The mechanisms of CAR-T, CAR-NK, CAR-M, and CAR-γδ T cell therapies. (A) When CAR-T cells bind to target antigens, they activate intracellular signaling pathways like PI3K/AKT/mTOR, MAPK/ERK, and NF-κB, leading to T cell proliferation, cytokine production, and cytotoxic activity through perforin and granzyme release, inducing cancer cell apoptosis. CAR-T cells also secrete cytokines such as IFN-γ and IL-2, boosting the antitumor response, with some differentiating into memory T cells for long-term immune surveillance and reduced cancer recurrence. (B) Similarly, activated CAR-NK cells produce perforin and granzyme, promoting cancer cell death through caspase-mediated apoptosis. CAR-NK cells express receptors such as KIRs, NKG2D, and DNAM-1, and mediate antibody-dependent cellular cytotoxicity (ADCC) via CD16, playing a crucial role in targeting HER2 and EGFR in solid tumors. Their efficient ADCC is linked to better outcomes in various cancers. (C) CAR-M cell therapy uses engineered macrophages to enhance phagocytosis and antigen presentation, adapting to tumor environments while promoting pro-inflammatory signaling and suppressing tumor-promoting polarization. CAR-M cells secrete IFN-γ, recruiting and activating immune cells, and upregulate MHC-I and MHC-II, improving T cell activation and immune infiltration into tumors. (D) CAR-γδ T cells exhibit antitumor effects via TCR, NKRs, and CD16, triggering ADCC and directly killing tumor cells by releasing TRAIL, FasL, perforin, and granzyme. They enhance cytotoxic T cell and NK cell functions through IFN-γ, TNF, and CD137 signaling, and produce GM-CSF to regulate dendritic cell infiltration, further augmenting the antitumor immune response.

Figure 4

Delivery strategies for in vivo CAR construction. The primary vectors for viral transduction (left) include lentiviral vectors, adeno-associated viral vectors, and retroviral vectors. Non-viral transduction (right) vectors consist of lipid nanoparticle vectors, gel vectors, and other nanoparticle vectors like plasmid vectors (Sleeping Beauty, minicircles, etc.).

Figure 5

The Vector entry modes into the cell. (A) LVs contain one or more viral glycoproteins and two copies of a single-stranded RNA (ssRNA) genome encapsulated within a nucleocapsid. Once inside, the transferred gene undergoes reverse transcription, is transported into the nucleus, and integrates into the host genome. (B) After internalization, AAVs are enclosed in endocytosed vesicles. The acidification of these vesicles triggers viral escape into the cytoplasm, where the viruses utilize the cellular microtubule transport system to approach the nucleus.
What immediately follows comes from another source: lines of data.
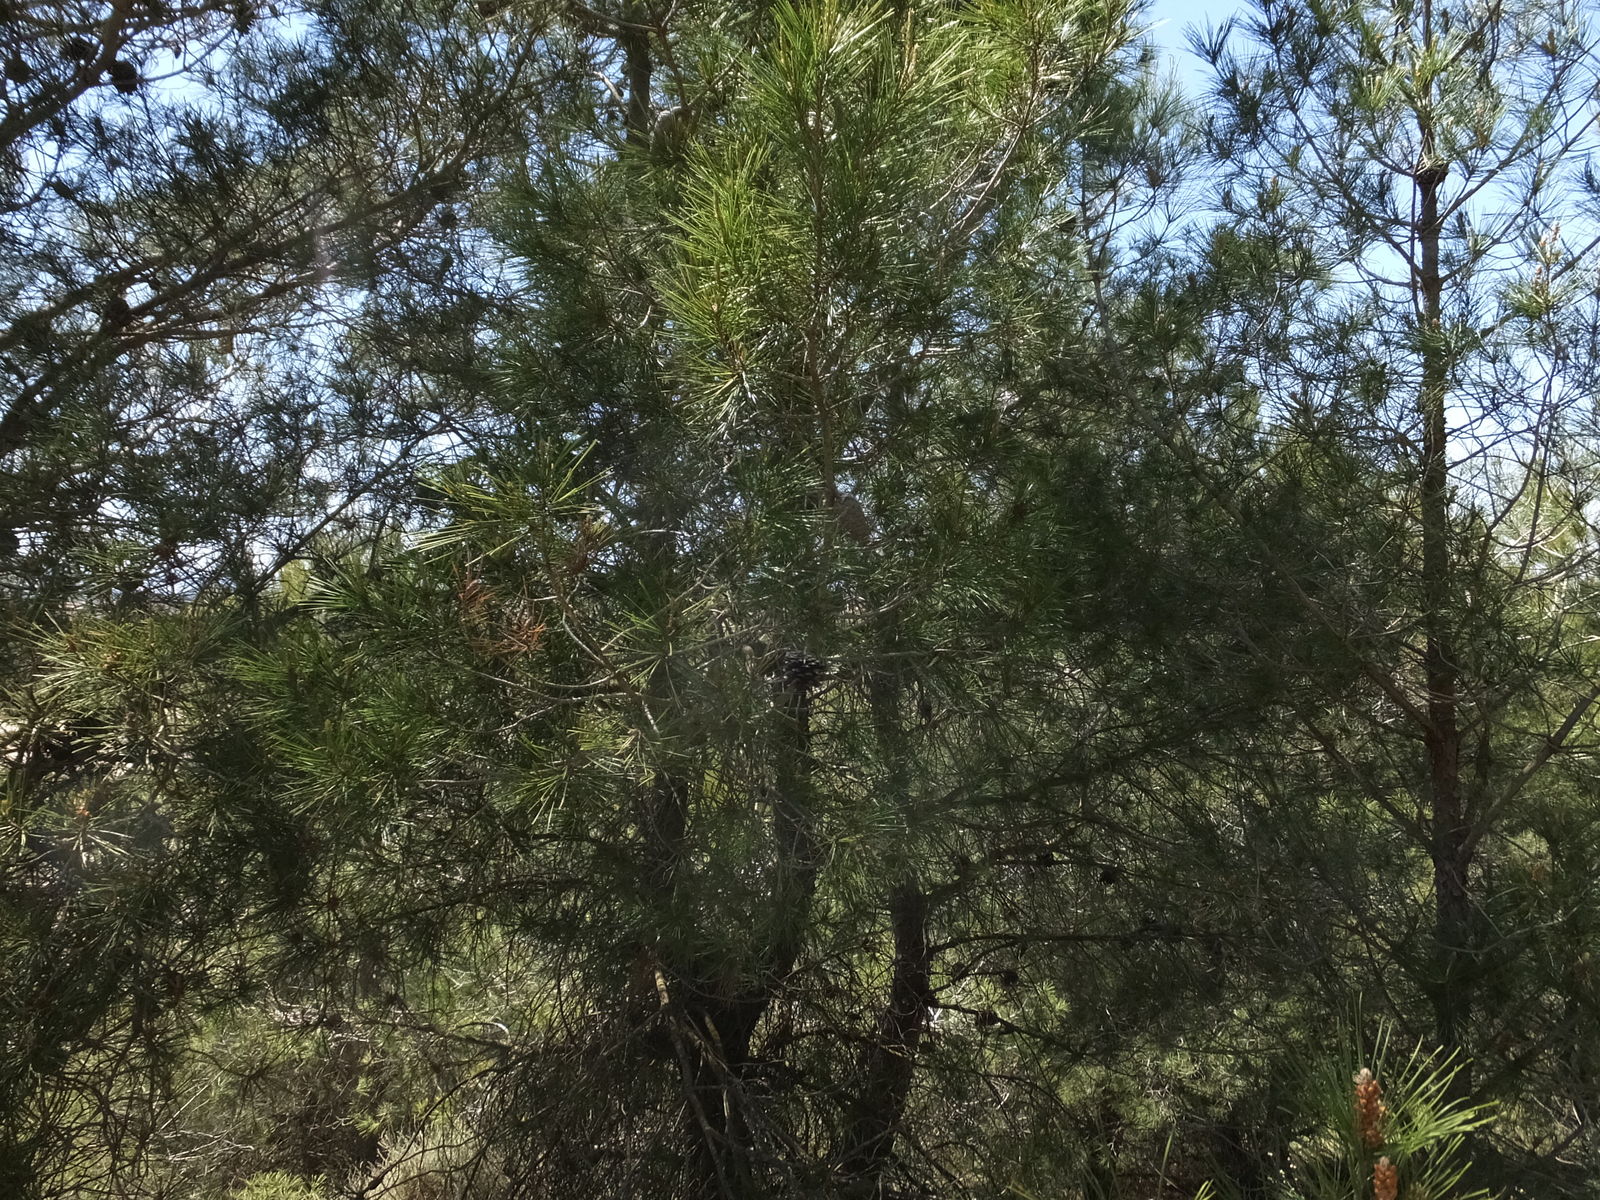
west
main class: Woodland
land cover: Pine dominated coniferous woodland
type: coniferous forest of the mediterranean region
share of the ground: > 75 %
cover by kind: coniferous forest trees 70 %, shrubs 15 %, herbaceous plants 15 %
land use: Semi-natural and natural areas not in use
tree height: > 5 m
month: May
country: ES
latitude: 41.7983
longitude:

AAVs then interact with the nuclear pore complex to gain entry into the nucleus. Once inside, the single-stranded DNA undergoes conformational changes to form double-stranded DNA, which may subsequently integrate into the host genome. (C) Retroviruses bind to host cell surface receptors via their glycoproteins. Subsequent membrane fusion introduces the viral capsids into the cells. In the nucleus, the capsids uncoat, and the viral RNA is reverse transcribed and integrated into the host genome. (D) In synthetic vectors, CAR-encoding nucleic acids are complexed with NPs, LNPs, or gel-based carriers. After escaping the endosome, mRNA payloads are available for translation, while packaged DNA may reach the nucleus for potential integration into host chromatin.

Figure 6

Crucial factors to consider for the application of CAR cells. 1) Targeting and biodistribution are crucial for optimizing therapeutic efficacy and advancing novel technologies. 2) CAR immunogenicity is a significant concern due to its diverse origins and multifaceted impact on treatment outcomes. 3) Safety and control-related challenges are of particular concern in in vivo CAR technology, including cytokine release syndrome (CRS), neurotoxicity, and potential insertional mutations during gene delivery. These may impair normal cellular function and induce tumorigenesis.

Figure 7

The comprehensive conclusion for CAR cell construction in vivo. This comprehensive summary covers the critical factors in constructing CAR cells, including gene editing, transfection techniques, vector selection, cell types, and CAR structure. It also illustrates the related elements of CAR cell construction and their interrelationships.